Processing your request


please wait...

Case Page

 

Case Status:    SETTLED
On or around 11/14/2005 (Date of order of final judgment)

Filing Date: May 02, 2003

Regeneron Pharmaceuticals, Inc. ("Regeneron" or the Company) is a biopharmaceutical company that discovers, develops and intends to commercialize therapeutic drugs for the treatment of serious medical conditions.

The original Complaint charges that Defendants violated Sections 10(b) and 20(a) of the Securities Exchange Act of 1934, and Rule 10b-5 promulgated thereunder, by issuing a series of materially false and misleading statements to the market between March 28, 2000 and March 30, 2003. During the Class Period, Regeneron initiated Phase II clinical trials for its diet drug AXOKINE for use in obese patients. The Complaint alleges that the Defendants claimed that AXOKINE would help patients lose weight better than a placebo over a year. However, more than two-thirds of the 1,467 patients on the medicine in the clinical trials developed antibodies to it after three months, which made the medicine less effective. Patients taking AXOKINE, including those who developed antibodies, lost an average 6.2 pounds, compared with 2.6 pounds for those on a placebo, which the Company admits is similar to results dieters get with already available pills. Before results were released, Defendants had led the public to believe that AXOKINE would have more than $500 million in annual sales. On March 31, 2003, Regeneron admitted AXOKINE lost effectiveness in about 70% of patients in a study. On this news, the biotechnology company's shares plunged 57%, a market cap loss of more than $500 million. However, even Defendants' admission was false, as, in fact, Defendants manipulated the results of the study. In truth, 73.5% of the patients developed antibodies to the drug. As a result of the Defendants' false statements, Regeneron's stock price traded at inflated levels during the Class Period, increasing to as high as $40 on December 18, 2000, whereby the Company and its top officers and directors sold more than $430 million worth of their own securities.

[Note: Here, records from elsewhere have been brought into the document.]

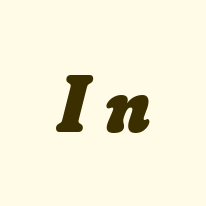
The image shows 80 px heavy type; set unusually wide letter spacing (+0.21 em), not underlined; low stroke contrast and a small x-height.
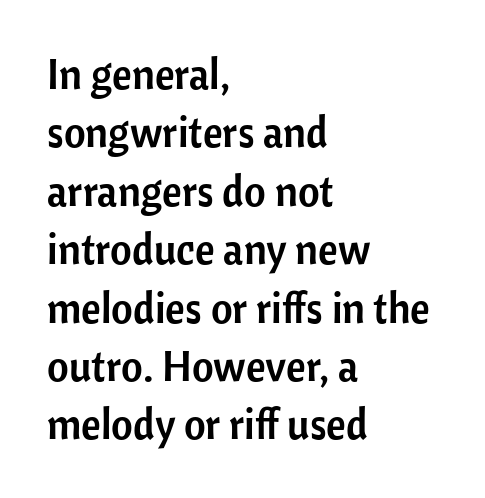
Q: Is the text italic (slanted)? A: No, it is upright.
Q: Is the typeface a serif or a sans-serif typeface? A: Sans-serif.
Q: Is the text underlined? A: No.
Q: How is the paragraph aligned? A: Left-aligned.
Q: Is the spacing between letters normal or unusually wide? A: Normal.
Q: Is the spacing between lines tight, normal or loose? A: Normal.
Q: Width (condensed, normal, or wide)? A: Normal.
Q: Stroke contrast? A: Low.
Q: x-height? A: Medium.
Q: Monospaced? A: No.
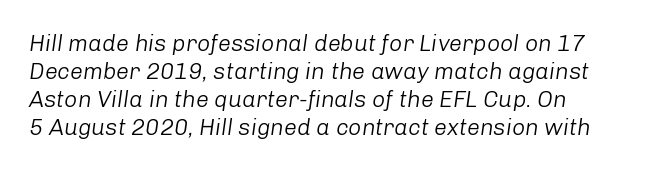
{"italic": "yes", "lean": "right", "slant_degrees": 8, "bold": "no", "underline": "no", "align": "left", "line_spacing_ratio": 1.22, "letter_spacing": "normal", "letter_spacing_em": 0.0, "glyph_px": 23}
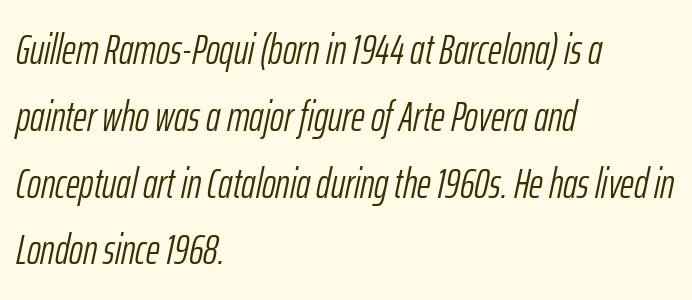
{"italic": "yes", "lean": "right", "slant_degrees": 12, "bold": "no", "weight": "light", "width": "condensed", "stroke_contrast": "low", "x_height": "medium", "monospaced": "no", "underline": "no", "align": "left", "line_spacing": "normal", "line_spacing_ratio": 1.59, "letter_spacing": "normal", "letter_spacing_em": 0.0, "glyph_px": 42}
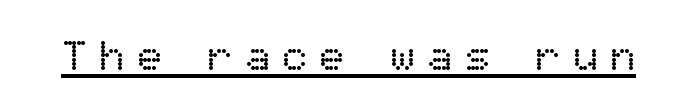
The image shows 42 px regular-weight type, upright; set unusually wide letter spacing (+0.29 em), underlined; low stroke contrast and a medium x-height.
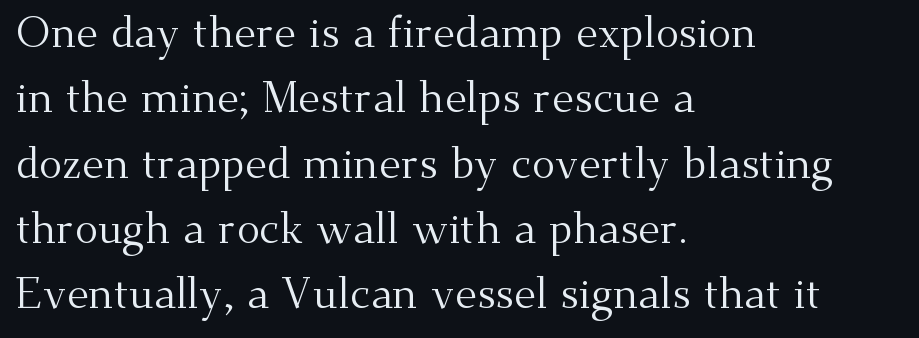
The image shows 43 px regular-weight serif type, upright; set left-aligned, normal line spacing (1.52x), normal letter spacing, not underlined; medium stroke contrast and a small x-height.
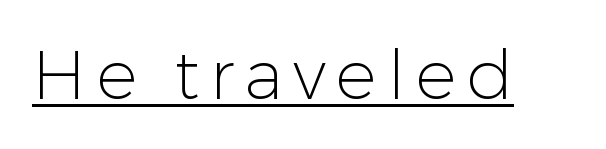
The image shows 69 px light sans-serif type, upright; set underlined; low stroke contrast and a medium x-height.

According to the Notice of Pendency of Class Action and Proposed Settlement dated September 9, 2005, a number of other Complaints were filed and the actions were subsequently consolidated by the Court under the caption In re Regeneron Pharmaceuticals, Inc. Securities Litigation, Civil Action No. 03 CV 3111 (RWS). On September 9, 2003, the Court appointed Sara and Joseph Katz, Terri D. Carroll, and Stanley D. Bazewicz as lead Plaintiffs. The Court also approved the law firms of Milberg Weiss Bershad Hynes & Lerach LLP (now known as Milberg Weiss Bershad & Schulman LLP) and Stull Stull & Brody as Plaintiffs’ co-lead Counsel. On November 1, 2003, lead Plaintiffs filed a Consolidated Amended Class Action Complaint (the “Complaint”). On December 23, 2003, the Defendants filed a motion to dismiss the Complaint, which was denied by the Court in its Opinion and Order filed February 3, 2005. On April 7, 2005, the Defendants served their Answer to the Complaint in which they denied all substantive allegations of wrongdoing and asserted a number of affirmative defenses. In March 2005, lead Plaintiffs and Defendants began pretrial discovery, which has included the exchange of initial disclosures and the production of documents from a number of non-parties, including investment analysts. On June 3, 2005, the parties submitted their dispute to private mediation before retired United States District Judge Nicholas H. Politan. At the conclusion of the mediation, the parties reached a preliminary agreement in principle on the terms of a settlement.

As summarized by the same Notice, a settlement fund in the amount of $4,700,000 has been established. The Court scheduled a Settlement Fairness Hearing on November 14, 2005, at the Daniel Patrick Moynihan United States Courthouse, New York, New York. At this hearing the Court considers whether the settlement is fair, reasonable and adequate. At the Settlement Fairness Hearing, the Court also will consider the proposed Plan of Allocation for the proceeds of the settlement and the motion of Plaintiffs’ co-lead Counsel for attorneys’ fees and reimbursement of expenses.

According to the Company’s Form 10-K for the fiscal year ended December 31, 2005, on November 14, 2005, the United States District Court for the Southern District of New York approved the terms of a settlement between Plaintiffs and Regeneron settling all claims against the Company in this lawsuit. The settlement requires no payment by the Company or any of the individual Defendants named in the lawsuit. The Company’s primary insurance carrier agreed to make the required payment under the settlement, the amount of which is immaterial to the Company. The settlement includes no admission of wrongdoing by Regeneron or any of the individual Defendants. Separately, the Plaintiffs and the individual Defendants named in the lawsuit entered into a Stipulation of Voluntary Dismissal, which dismissed all claims against the individuals with prejudice.